Dirac equations: Difference between revisions

Revision as of 07:35, 19 June 2009

This article describes several equations named after Paul Dirac.

Dirac operator

Given a Clifford algebra Failed to parse (SVG (MathML can be enabled via browser plugin): Invalid response ("Math extension cannot connect to Restbase.") from server "https://en.wikipedia.org/api/rest_v1/":): {\displaystyle \,C\ell_{p,q}({\mathbb C}) \!} spanned by Dirac matrices Failed to parse (SVG (MathML can be enabled via browser plugin): Invalid response ("Math extension cannot connect to Restbase.") from server "https://en.wikipedia.org/api/rest_v1/":): {\displaystyle \,\gamma_i\!} such that

Failed to parse (SVG (MathML can be enabled via browser plugin): Invalid response ("Math extension cannot connect to Restbase.") from server "https://en.wikipedia.org/api/rest_v1/":): {\displaystyle \, \gamma_i\gamma_j+\gamma_j\gamma_i=2\eta_{ij}\!}

being Failed to parse (SVG (MathML can be enabled via browser plugin): Invalid response ("Math extension cannot connect to Restbase.") from server "https://en.wikipedia.org/api/rest_v1/":): {\displaystyle \, \eta_{ij}\!} the matrix of a quadratic form with signature (p,q), Dirac operator is given by

Failed to parse (SVG (MathML can be enabled via browser plugin): Invalid response ("Math extension cannot connect to Restbase.") from server "https://en.wikipedia.org/api/rest_v1/":): {\displaystyle \, D=i\eta_{ij}\gamma_i\partial_j. \!}

With a gauge connection Failed to parse (SVG (MathML can be enabled via browser plugin): Invalid response ("Math extension cannot connect to Restbase.") from server "https://en.wikipedia.org/api/rest_v1/":): {\displaystyle \,A\!} this becomes

Failed to parse (SVG (MathML can be enabled via browser plugin): Invalid response ("Math extension cannot connect to Restbase.") from server "https://en.wikipedia.org/api/rest_v1/":): {\displaystyle \, D_A=i\eta_{ij}\gamma_i(\partial_j+iA_j). \!}

The Maxwell-Dirac equation

[More info on this equation would be greatly appreciated. - Ed.]
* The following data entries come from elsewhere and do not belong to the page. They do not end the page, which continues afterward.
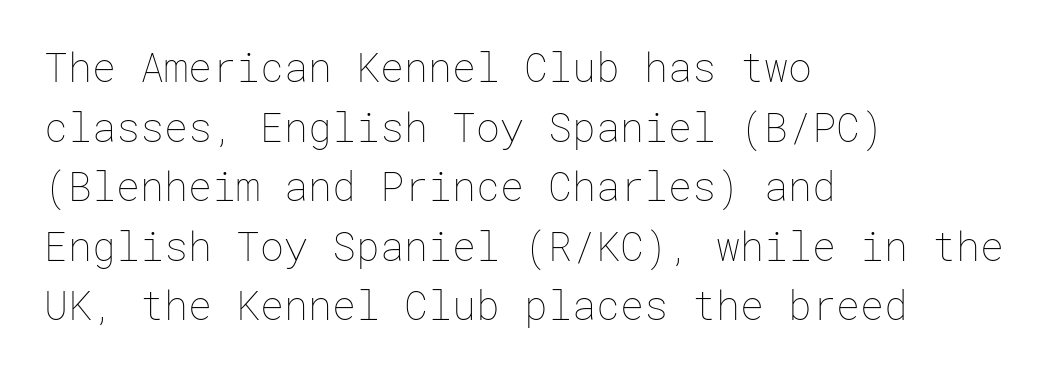
{"italic": "no", "bold": "no", "weight": "thin", "width": "normal", "stroke_contrast": "low", "x_height": "medium", "underline": "no", "align": "left", "line_spacing": "normal", "line_spacing_ratio": 1.49, "letter_spacing": "normal", "letter_spacing_em": 0.0, "glyph_px": 40}
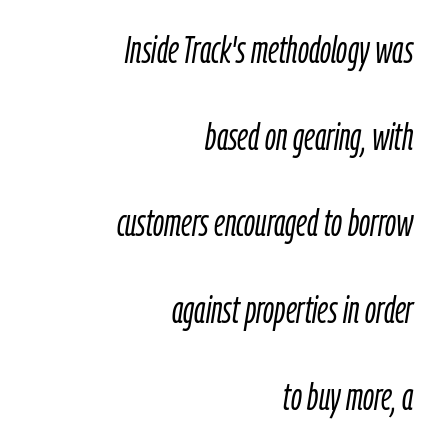
Q: Is the text bold? A: No.
Q: Is the text italic (slanted)? A: Yes, it leans right by about 9 degrees.
Q: Is the text underlined? A: No.
Q: How is the paragraph aligned? A: Right-aligned.
Q: Is the spacing between letters normal or unusually wide? A: Normal.
Q: Is the spacing between lines tight, normal or loose? A: Loose.
Q: Width (condensed, normal, or wide)? A: Condensed.
Q: Stroke contrast? A: Low.
Q: x-height? A: Medium.
Q: Monospaced? A: No.
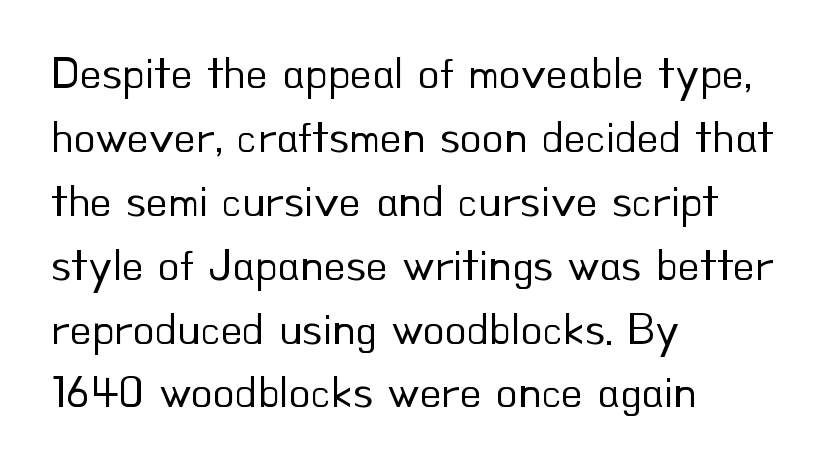
Q: Is the text bold? A: No.
Q: Is the text italic (slanted)? A: No, it is upright.
Q: Is the typeface a serif or a sans-serif typeface? A: Sans-serif.
Q: Is the text underlined? A: No.
Q: How is the paragraph aligned? A: Left-aligned.
Q: Is the spacing between letters normal or unusually wide? A: Normal.
Q: Is the spacing between lines tight, normal or loose? A: Normal.
Q: Width (condensed, normal, or wide)? A: Normal.
Q: Stroke contrast? A: Low.
Q: x-height? A: Small.
Q: Monospaced? A: No.
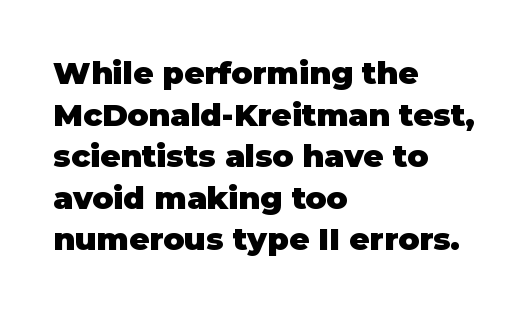
Students, observe: this is what conventionally led text looks like. Note the varied advance widths — an 'i' is clearly narrower than an 'm'. Plain, unruled lines of type. Font category for this specimen: sans-serif. Each glyph is drawn with heavy, bold strokes.
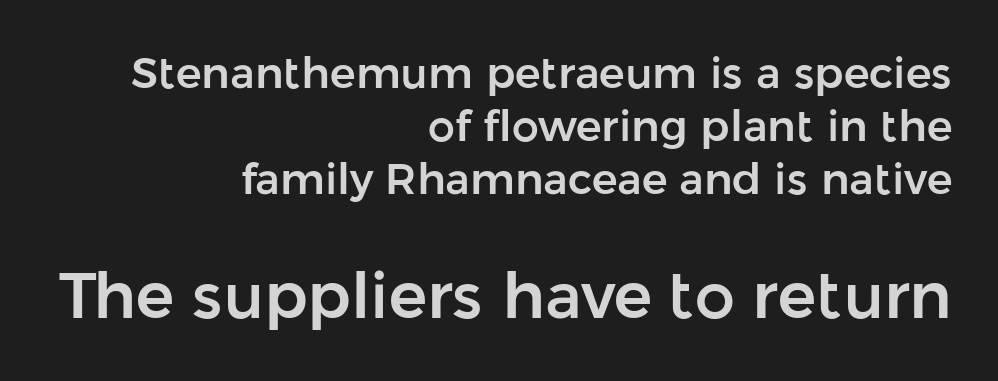
{"serif": "no", "italic": "no", "width": "normal", "stroke_contrast": "low", "x_height": "medium", "monospaced": "no", "underline": "no", "align": "right", "line_spacing_ratio": 1.23, "letter_spacing": "normal", "letter_spacing_em": 0.0, "larger_block": "second", "size_ratio": 1.49, "glyph_px": 64}
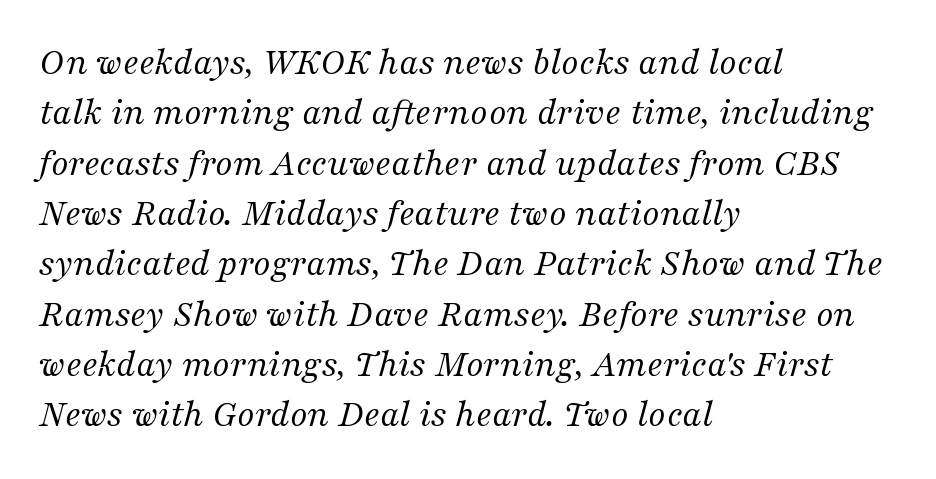
Think of a printed novel: that variable character pitch is what you see here. No letter is thick-stroked: the sample isn't bold. Bare-footed words on every line. Typeset ragged right — the left edge is the straight one.
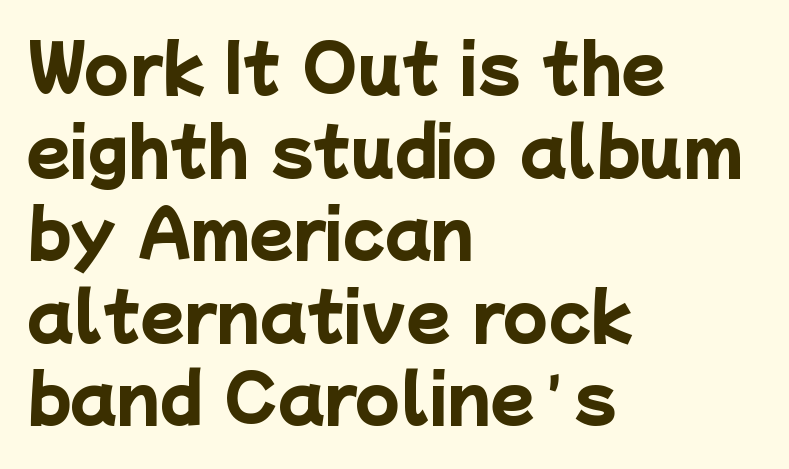
The image shows 64 px heavy sans-serif type; set left-aligned, normal line spacing (1.29x), normal letter spacing, not underlined; low stroke contrast and a medium x-height.
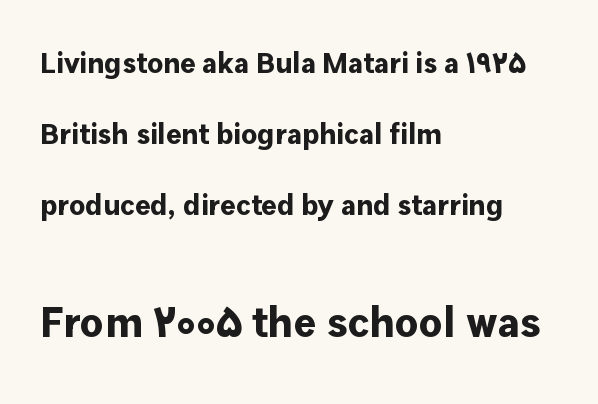
Q: Is the text bold? A: Yes.
Q: Is the text italic (slanted)? A: No, it is upright.
Q: Is the typeface a serif or a sans-serif typeface? A: Sans-serif.
Q: Is the text underlined? A: No.
Q: How is the paragraph aligned? A: Left-aligned.
Q: Is the spacing between letters normal or unusually wide? A: Normal.
Q: Is the spacing between lines tight, normal or loose? A: Loose.
Q: Which block of text is set in a larger size, the first (top) or the second (bottom)? A: The second (bottom) one.
Q: Width (condensed, normal, or wide)? A: Normal.
Q: Stroke contrast? A: Low.
Q: x-height? A: Medium.
Q: Monospaced? A: No.
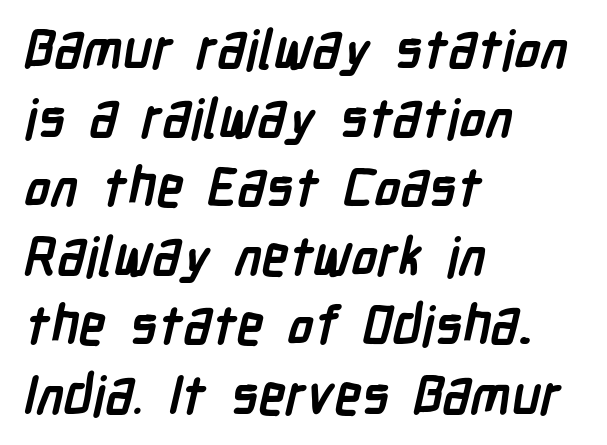
{"serif": "no", "bold": "yes", "weight": "semibold", "width": "condensed", "stroke_contrast": "low", "x_height": "medium", "monospaced": "no", "underline": "no", "align": "left", "line_spacing": "normal", "line_spacing_ratio": 1.28, "letter_spacing": "normal", "letter_spacing_em": 0.0, "glyph_px": 54}
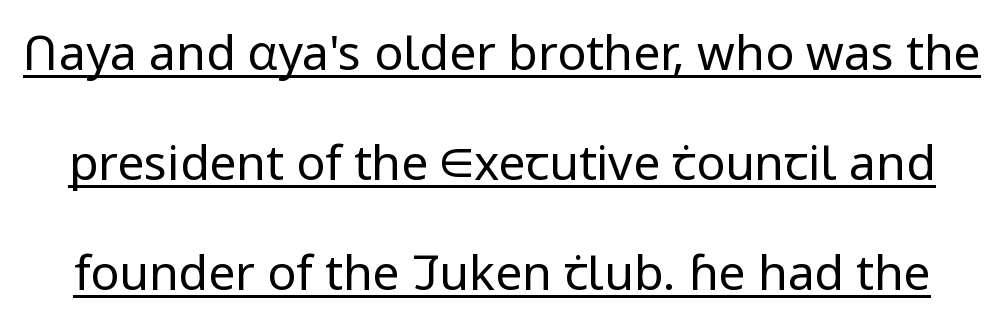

This equation essentially reads

Failed to parse (SVG (MathML can be enabled via browser plugin): Invalid response ("Math extension cannot connect to Restbase.") from server "https://en.wikipedia.org/api/rest_v1/":): {\displaystyle \,D_A y = - y \! } Failed to parse (SVG (MathML can be enabled via browser plugin): Invalid response ("Math extension cannot connect to Restbase.") from server "https://en.wikipedia.org/api/rest_v1/":): {\displaystyle \Box A + \nabla (\nabla_{x,t} A)= \underline{y} y }

where Failed to parse (SVG (MathML can be enabled via browser plugin): Invalid response ("Math extension cannot connect to Restbase.") from server "https://en.wikipedia.org/api/rest_v1/":): {\displaystyle \, y\!} is a spinor field (solving a coupled massive Dirac equation), and Failed to parse (SVG (MathML can be enabled via browser plugin): Invalid response ("Math extension cannot connect to Restbase.") from server "https://en.wikipedia.org/api/rest_v1/":): {\displaystyle \, D\!} is the Dirac operator with connection A. We put Failed to parse (SVG (MathML can be enabled via browser plugin): Invalid response ("Math extension cannot connect to Restbase.") from server "https://en.wikipedia.org/api/rest_v1/":): {\displaystyle y} in Failed to parse (SVG (MathML can be enabled via browser plugin): Invalid response ("Math extension cannot connect to Restbase.") from server "https://en.wikipedia.org/api/rest_v1/":): {\displaystyle H^{s_1}} and Failed to parse (SVG (MathML can be enabled via browser plugin): Invalid response ("Math extension cannot connect to Restbase.") from server "https://en.wikipedia.org/api/rest_v1/":): {\displaystyle A} in Failed to parse (SVG (MathML can be enabled via browser plugin): Invalid response ("Math extension cannot connect to Restbase.") from server "https://en.wikipedia.org/api/rest_v1/":): {\displaystyle H^{s_2} \times H^{s_2 - 1}} .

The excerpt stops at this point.